To ensure weights are synchronized, you may need to explicitly call the synchronization method after each update. In RLlib’s new API stack, this is typically handled by env_runner_group.sync_weights(from_worker_or_learner_group=learner_group, inference_only=True) after the learner update, as shown in the PPO and DreamerV3 training loops (see example).
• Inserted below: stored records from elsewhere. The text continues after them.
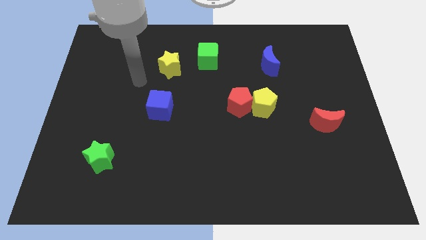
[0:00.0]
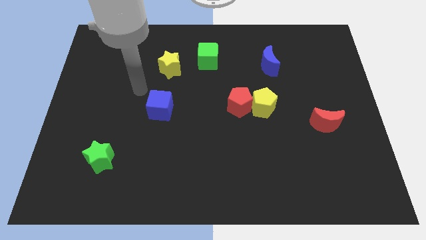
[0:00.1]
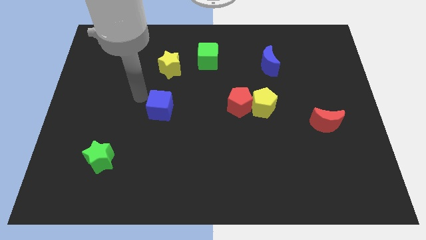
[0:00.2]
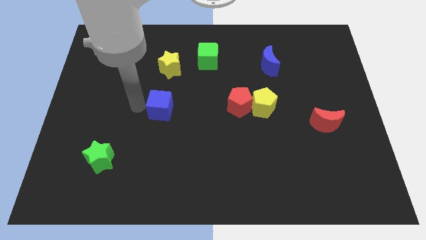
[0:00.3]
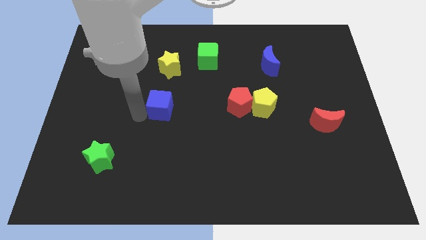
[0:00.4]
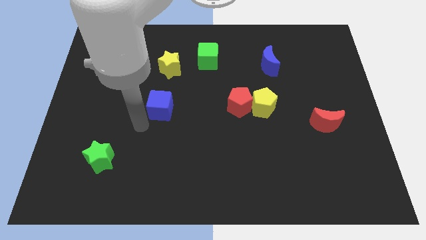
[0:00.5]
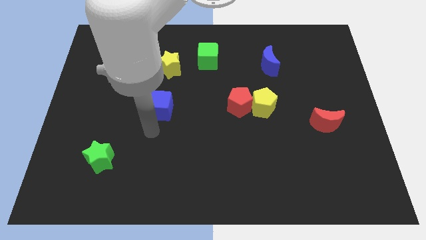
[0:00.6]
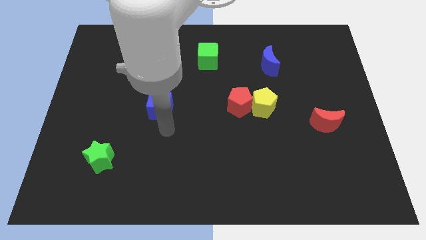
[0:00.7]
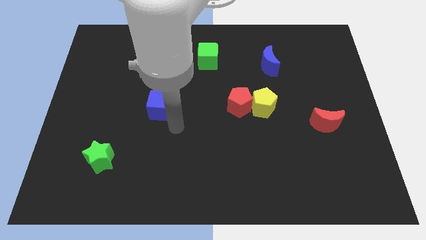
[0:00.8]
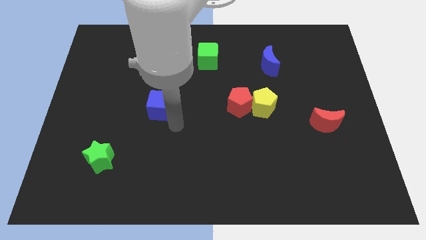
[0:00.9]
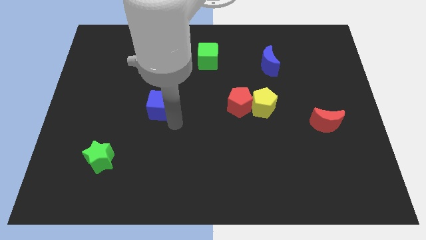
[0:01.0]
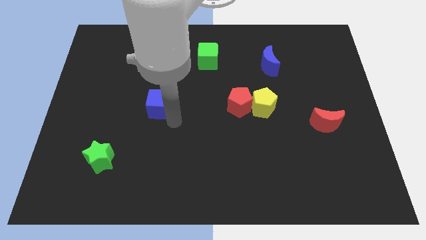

If this is already present and the issue persists, it may be a bug in the synchronization logic or a race condition. You can also check for related issues and workarounds in the Ray GitHub issues and discussions.

Would you like a step-by-step breakdown of how to debug or force weight synchronization in your setup?

Sources:

Hint: Mention @RunLLM in the post for followups.

The LLM’s response doesn’t really help - it (correctly) points out that the weights should sync, as shown on line 454 of ppo.py, but doesn’t explain why they don’t. It claims that others have reported this issue before, but the issue it links as an example (which I wrote!) is only tangentially relevant, and doesn’t refer to this problem.

Update: I’ve figured out the cause of this bug. The automatic configuration done to handle inference_only behavior causes a mismatch in the weight dictionaries. Setting ‘vf_share_layers’: True causes the issue to desist (but also means that the encoder will be shared, which may not be desirable).